He halted at the stall next but one to his own. His men lay there heavy with sleep. There was no sign of Kim or the lama.
‘Up!’ He stirred a sleeper. ’Whither went those who lay here last even — the lama and the boy? Is aught missing?’
‘Nay,’ grunted the man, ’the old madman rose at second cockcrow saying he would go to Benares, and the young one led him away.’
‘The curse of Allah on all unbelievers!’ said Mahbub heartily, and climbed into his own stall, growling in his beard.
But it was Kim who had wakened the lama — Kim with one eye laid against a knot-hole in the planking, who had seen the Delhi man’s search through the boxes. This was no common thief that turned over letters, bills, and saddles — no mere burglar who ran a little knife sideways into the soles of Mahbub’s slippers, or picked the seams of the saddle-bags so deftly. At first Kim had been minded to give the alarm — the long-drawn choor — choor! [thief! thief!] that sets the serai ablaze of nights; but he looked more carefully, and, hand on amulet, drew his own conclusions.
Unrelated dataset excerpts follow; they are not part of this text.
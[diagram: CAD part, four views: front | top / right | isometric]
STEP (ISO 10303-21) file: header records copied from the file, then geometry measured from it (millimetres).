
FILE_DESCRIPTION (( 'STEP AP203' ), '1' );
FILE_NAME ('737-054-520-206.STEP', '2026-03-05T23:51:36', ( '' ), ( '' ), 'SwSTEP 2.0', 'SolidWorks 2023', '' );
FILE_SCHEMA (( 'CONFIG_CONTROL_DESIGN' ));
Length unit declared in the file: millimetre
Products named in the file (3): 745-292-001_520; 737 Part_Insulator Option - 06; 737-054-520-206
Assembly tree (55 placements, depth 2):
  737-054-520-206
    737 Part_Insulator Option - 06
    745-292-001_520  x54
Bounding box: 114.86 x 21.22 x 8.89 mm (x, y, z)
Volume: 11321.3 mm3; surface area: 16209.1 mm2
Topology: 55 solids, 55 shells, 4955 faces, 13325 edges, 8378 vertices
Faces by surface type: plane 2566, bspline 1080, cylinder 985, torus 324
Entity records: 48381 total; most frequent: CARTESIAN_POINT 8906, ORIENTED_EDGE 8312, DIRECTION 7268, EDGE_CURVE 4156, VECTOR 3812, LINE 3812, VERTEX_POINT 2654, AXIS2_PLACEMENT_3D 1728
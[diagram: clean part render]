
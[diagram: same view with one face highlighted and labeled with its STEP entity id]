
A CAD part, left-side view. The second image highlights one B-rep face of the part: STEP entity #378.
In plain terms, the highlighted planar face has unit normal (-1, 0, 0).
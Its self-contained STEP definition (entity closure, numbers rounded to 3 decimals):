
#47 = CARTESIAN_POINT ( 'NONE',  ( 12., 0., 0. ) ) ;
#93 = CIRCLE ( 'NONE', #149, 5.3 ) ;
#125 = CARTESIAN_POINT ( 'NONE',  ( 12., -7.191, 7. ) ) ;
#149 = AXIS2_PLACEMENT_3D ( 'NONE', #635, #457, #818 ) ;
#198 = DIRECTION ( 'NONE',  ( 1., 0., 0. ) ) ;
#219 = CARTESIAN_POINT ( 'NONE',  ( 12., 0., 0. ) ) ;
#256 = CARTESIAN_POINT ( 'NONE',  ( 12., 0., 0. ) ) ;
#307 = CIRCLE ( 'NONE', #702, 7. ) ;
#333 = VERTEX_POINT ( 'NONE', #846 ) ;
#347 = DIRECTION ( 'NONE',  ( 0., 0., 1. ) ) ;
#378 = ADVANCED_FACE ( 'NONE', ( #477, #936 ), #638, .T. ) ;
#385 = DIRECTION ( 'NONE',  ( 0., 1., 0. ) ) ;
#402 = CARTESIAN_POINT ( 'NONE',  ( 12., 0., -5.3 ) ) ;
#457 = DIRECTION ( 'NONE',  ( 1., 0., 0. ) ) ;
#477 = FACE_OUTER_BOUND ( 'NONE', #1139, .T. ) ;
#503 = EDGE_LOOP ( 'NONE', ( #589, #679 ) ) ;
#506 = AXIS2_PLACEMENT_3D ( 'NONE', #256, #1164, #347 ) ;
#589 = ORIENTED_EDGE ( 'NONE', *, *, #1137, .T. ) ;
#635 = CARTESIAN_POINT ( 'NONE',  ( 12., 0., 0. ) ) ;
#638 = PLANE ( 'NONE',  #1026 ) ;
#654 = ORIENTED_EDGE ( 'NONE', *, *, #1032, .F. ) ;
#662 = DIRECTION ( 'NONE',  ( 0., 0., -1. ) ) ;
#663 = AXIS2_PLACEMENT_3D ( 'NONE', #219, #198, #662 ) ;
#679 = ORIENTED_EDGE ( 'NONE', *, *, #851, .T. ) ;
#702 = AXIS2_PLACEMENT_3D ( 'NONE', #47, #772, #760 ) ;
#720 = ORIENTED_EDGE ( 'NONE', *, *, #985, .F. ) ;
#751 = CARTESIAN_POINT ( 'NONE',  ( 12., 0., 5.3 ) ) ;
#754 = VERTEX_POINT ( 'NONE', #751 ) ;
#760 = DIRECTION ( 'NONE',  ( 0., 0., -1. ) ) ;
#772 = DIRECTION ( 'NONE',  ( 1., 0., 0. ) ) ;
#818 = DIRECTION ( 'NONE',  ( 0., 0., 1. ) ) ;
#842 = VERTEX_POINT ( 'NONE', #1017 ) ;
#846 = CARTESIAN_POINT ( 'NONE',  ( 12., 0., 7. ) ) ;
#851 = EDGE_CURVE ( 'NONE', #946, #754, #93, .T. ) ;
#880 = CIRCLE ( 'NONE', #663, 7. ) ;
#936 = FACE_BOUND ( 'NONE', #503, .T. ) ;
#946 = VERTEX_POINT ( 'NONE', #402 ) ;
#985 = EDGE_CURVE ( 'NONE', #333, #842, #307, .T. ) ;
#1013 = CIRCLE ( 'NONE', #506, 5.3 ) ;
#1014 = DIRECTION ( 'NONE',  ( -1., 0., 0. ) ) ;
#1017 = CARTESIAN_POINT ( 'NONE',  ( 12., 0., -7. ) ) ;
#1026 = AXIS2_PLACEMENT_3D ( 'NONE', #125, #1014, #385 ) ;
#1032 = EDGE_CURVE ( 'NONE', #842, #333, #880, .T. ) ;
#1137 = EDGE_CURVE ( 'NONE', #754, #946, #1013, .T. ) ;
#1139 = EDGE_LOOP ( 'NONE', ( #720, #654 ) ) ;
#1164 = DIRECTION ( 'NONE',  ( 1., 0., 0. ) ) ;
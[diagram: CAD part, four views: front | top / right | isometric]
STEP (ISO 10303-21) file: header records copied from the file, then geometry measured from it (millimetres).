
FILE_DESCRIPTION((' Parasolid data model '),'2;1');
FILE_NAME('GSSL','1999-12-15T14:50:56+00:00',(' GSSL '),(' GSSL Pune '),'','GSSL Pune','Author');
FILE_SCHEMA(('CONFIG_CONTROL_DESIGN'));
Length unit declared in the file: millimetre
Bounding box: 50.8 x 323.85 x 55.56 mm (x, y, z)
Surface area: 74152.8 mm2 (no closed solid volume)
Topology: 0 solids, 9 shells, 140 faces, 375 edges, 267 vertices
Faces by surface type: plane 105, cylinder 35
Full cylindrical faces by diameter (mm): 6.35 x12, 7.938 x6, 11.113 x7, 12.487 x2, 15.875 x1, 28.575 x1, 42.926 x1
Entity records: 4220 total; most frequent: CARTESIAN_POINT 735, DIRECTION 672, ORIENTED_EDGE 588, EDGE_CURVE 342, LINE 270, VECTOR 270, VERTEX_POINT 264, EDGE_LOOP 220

‘It must be the pedigree of that made-up horse-lie,’ said he, ’the thing that I carry to Umballa. Better that we go now. Those who search bags with knives may presently search bellies with knives. Surely there is a woman behind this. Hai! Hai! in a whisper to the light-sleeping old man. ’Come. It is time — time to go to Benares.’
The lama rose obediently, and they passed out of the serai like shadows.
And whoso will, from Pride released;
Contemning neither creed nor priest,
May feel the Soul of all the East.
About him at Kamakura.
Buddha at Kamakura.
They entered the fort-like railway station, black in the end of night; the electrics sizzling over the goods-yard where they handle the heavy Northern grain-traffic.
‘This is the work of devils!’ said the lama, recoiling from the hollow echoing darkness, the glimmer of rails between the masonry platforms, and the maze of girders above. He stood in a gigantic stone hall paved, it seemed, with the sheeted dead third-class passengers who had taken their tickets overnight and were sleeping in the waiting-rooms. All hours of the twenty-four are alike to Orientals, and their passenger traffic is regulated accordingly.
’This is where the fire-carriages come. One stands behind that hole’ — Kim pointed to the ticket-office — ’who will give thee a paper to take thee to Umballa.’
‘But we go to Benares,’ he replied petulantly.
‘All one. Benares then. Quick: she comes!’
‘Take thou the purse.’
The lama, not so well used to trains as he had pretended, started as the 3.25 a.m. south-bound roared in. The sleepers sprang to life, and the station filled with clamour and shoutings, cries of water and sweetmeat vendors, shouts of native policemen, and shrill yells of women gathering up their baskets, their families, and their husbands.